Washington-Lee High School: Geospatial Tools and Techniques in GIS Project Presentations

1424
0
06-23-2015 10:24 AM
CandiceLuebbering
Occasional Contributor
1 0 1,424

On Tuesday, May 19, 2015, the students of Ryan Miller’s Geospatial Tools and Techniques in GIS gathered to present their final projects in the auditorium of Washington-Lee High School in Arlington, Virginia. The course is a collaboration between Washington-Lee High School  and James Madison University where students who take the course have the chance to earn six credits in GIS at JMU. The students in the course had worked over the course of the year to master the basics of using ArcGIS and learning how to manipulate and analyze geospatial data.
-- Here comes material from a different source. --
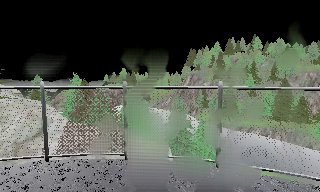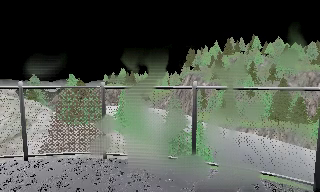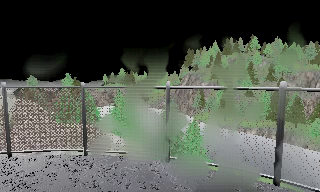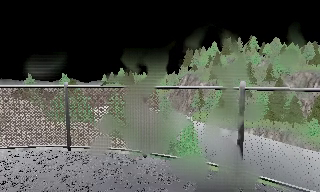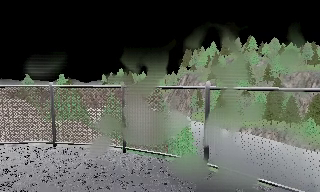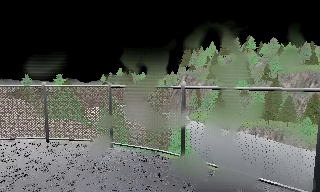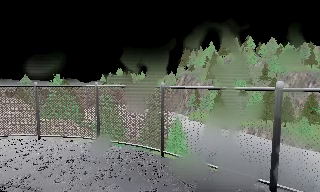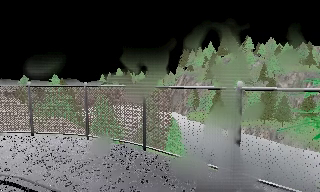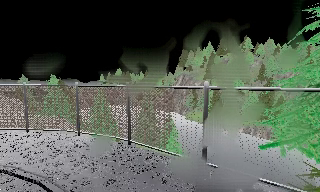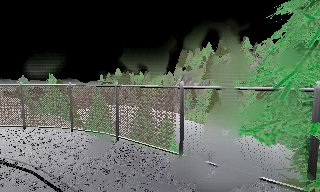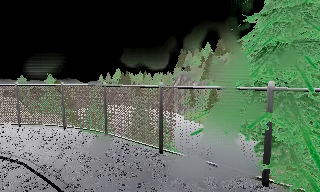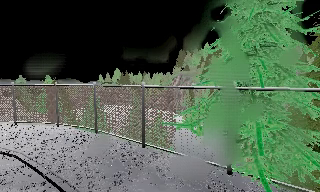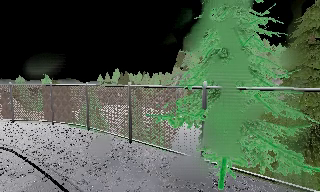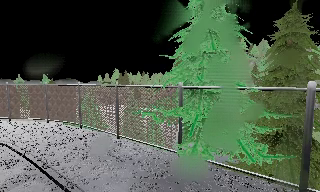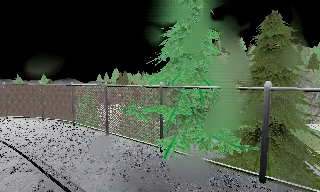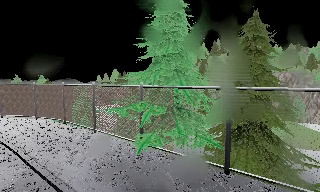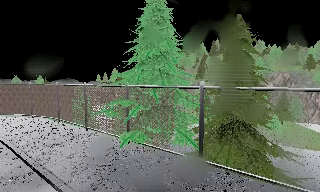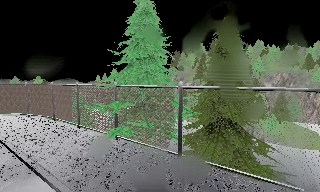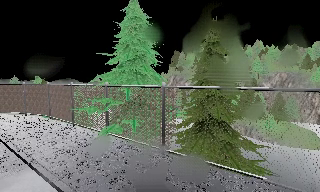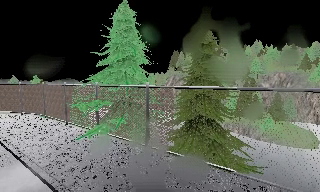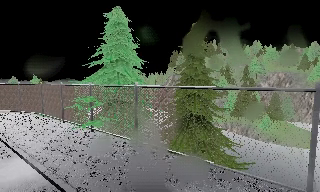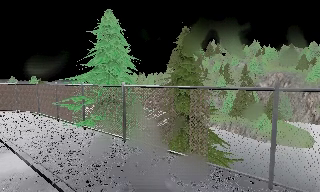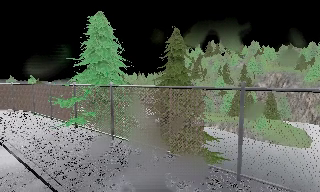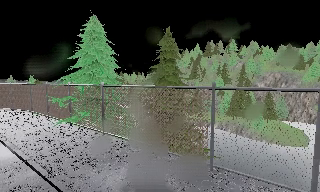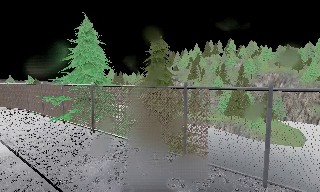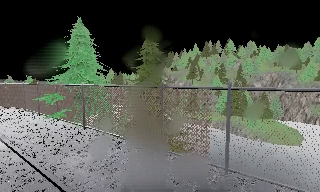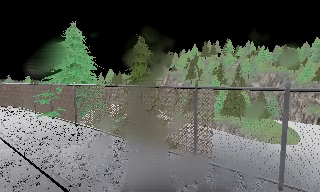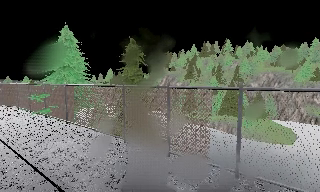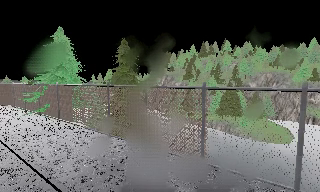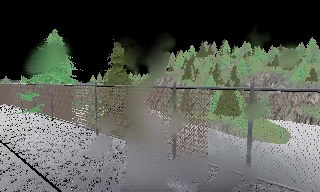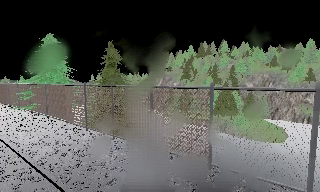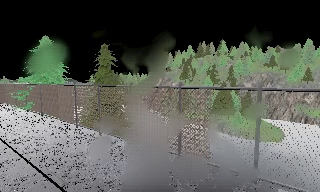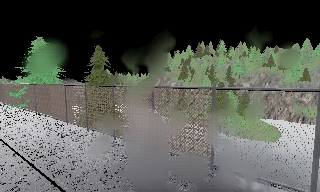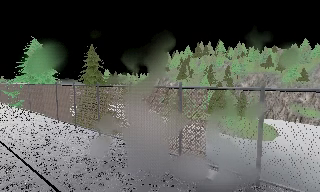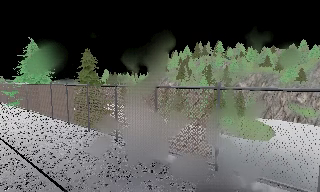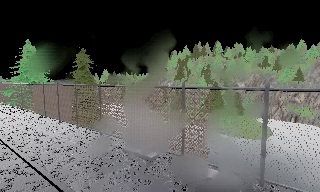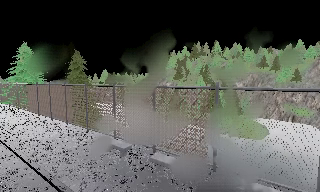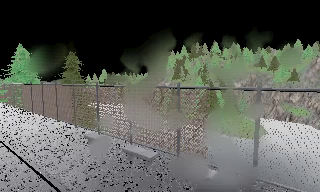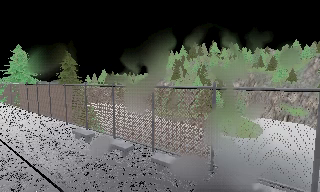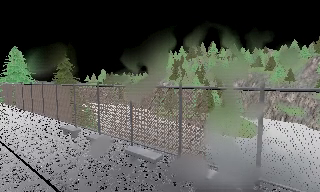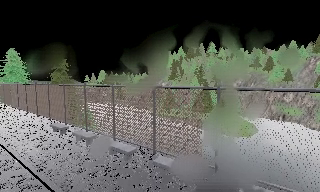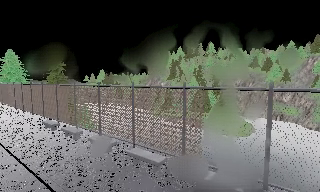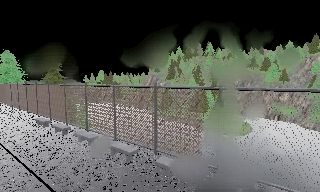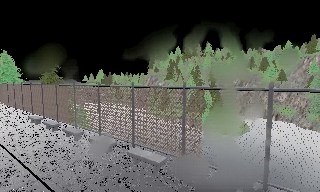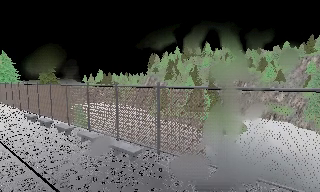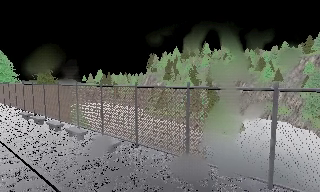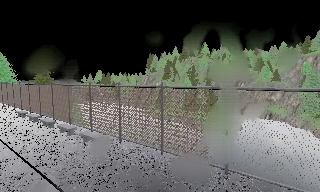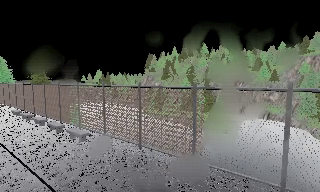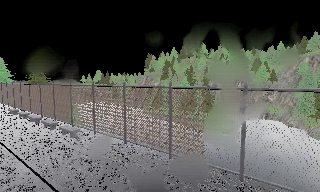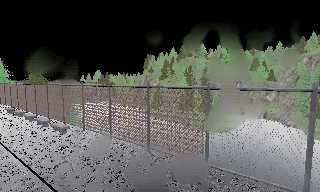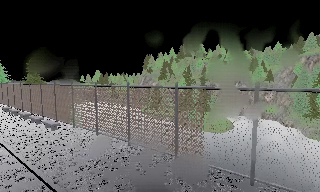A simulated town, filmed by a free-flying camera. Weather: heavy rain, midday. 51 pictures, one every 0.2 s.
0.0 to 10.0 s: The camera travels to its right and backward, about 55 m, so close, fixed things drift to the left.
The film runs backward here.

During the second semester of the year-long course students devoted much of their time to working on individual final projects. Ryan Miller, through collaboration with various organizations and government agencies such as the U.S. Fish and Wildlife Service and the United States Department of Agriculture, was able to present the students with a wide range of potential projects to complete which would showcase how GIS can be used to solve real-world problems. The organizations would present the students with an issue that needed to be visualized and the data to analyze while working with both the student and their teacher in order to solve the problem at hand. By having the students collaborate with both their teacher and a third party, the students were given a glimpse into how someone in the field would use GIS and what their work might consist of.
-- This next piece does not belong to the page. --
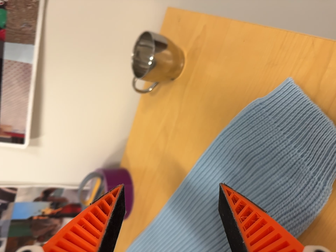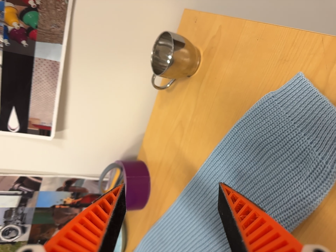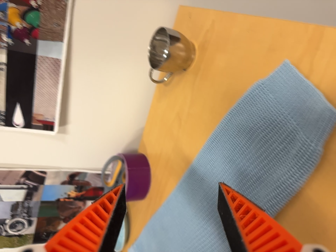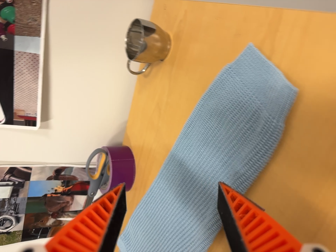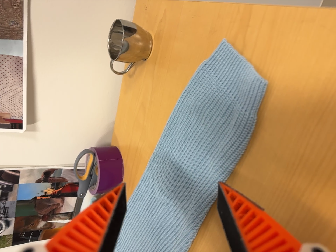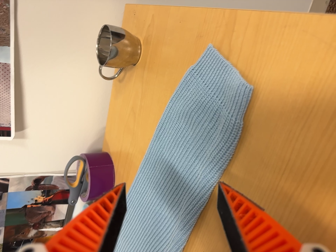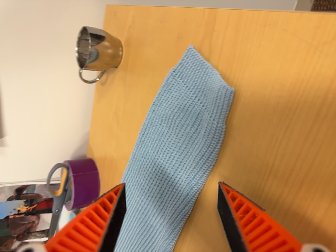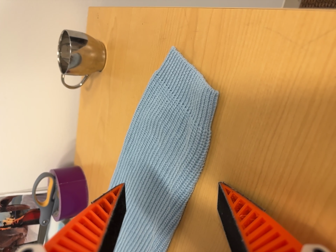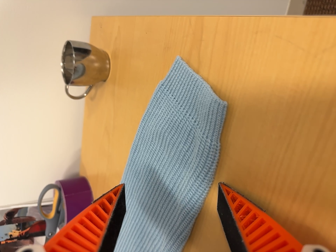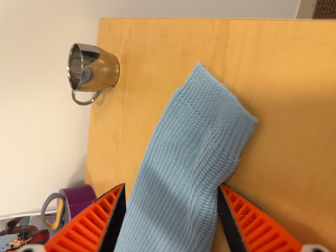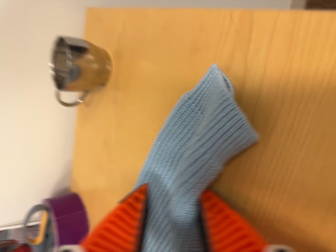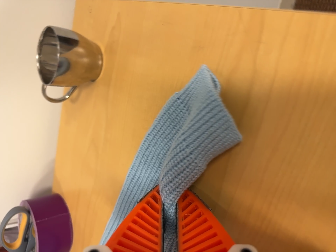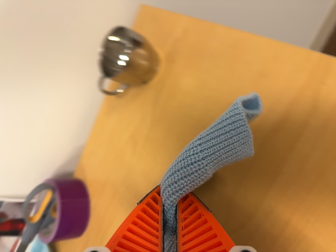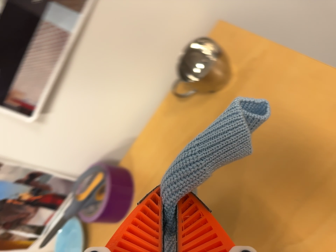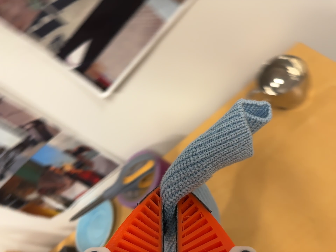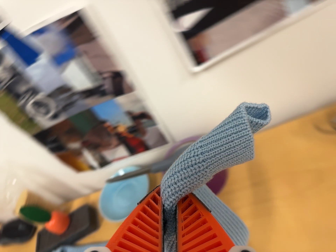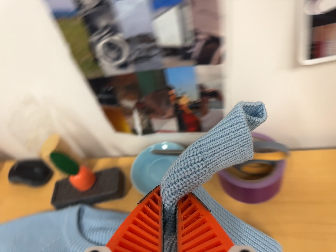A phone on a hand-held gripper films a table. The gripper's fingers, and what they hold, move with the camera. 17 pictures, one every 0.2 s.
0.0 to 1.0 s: The camera travels backward, to its right and toward the bottom of its view, about 8 cm, so what stands in front gets smaller.
1.0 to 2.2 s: The camera pans to its right by about 10 degrees. It travels forward and toward the top of its view, about 12 cm, so what stands in front looms larger.
2.2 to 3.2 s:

Washington Lee Students.jpg

From Left to Right: Nicko Patron, Maya Wheeler, Abigail Stengle, Noha Osman, Bipir Pant

The projects the students presented focused on topics ranging from mapping air pollution in Idaho to the relationship between monarchs and milkweed in the Corn Belt. The students demonstrated a wide variety of techniques and skills in their maps, showing that they can do everything from using buffering and clipping tools, to effectively importing their maps to ArcGIS Online.

Some examples of student work in the form of both posters and links to Esri Storymaps can be found here.

A highlight of the presentations was the fact that many of the people and organizations that the students collaborated with came to Washington-Lee to see the presentations and to meet the students in person. This meant that the students who worked on projects using data from the state of Idaho were given a chance to meet and talk about their projects with a representative from the Office of Senator James Risch, and students who were working with data provided by the U.S. Fish and Wildlife Service were given a chance to meet Ron Salz, the Chief Cartographer for that organization.

It was clear that the students walked away from the presentations and the course with an understanding not only of how to use GIS as a computer program, but with an understanding of how GIS can be used in a tangible, real-world way to solve problems and to connect with others both personally and professionally.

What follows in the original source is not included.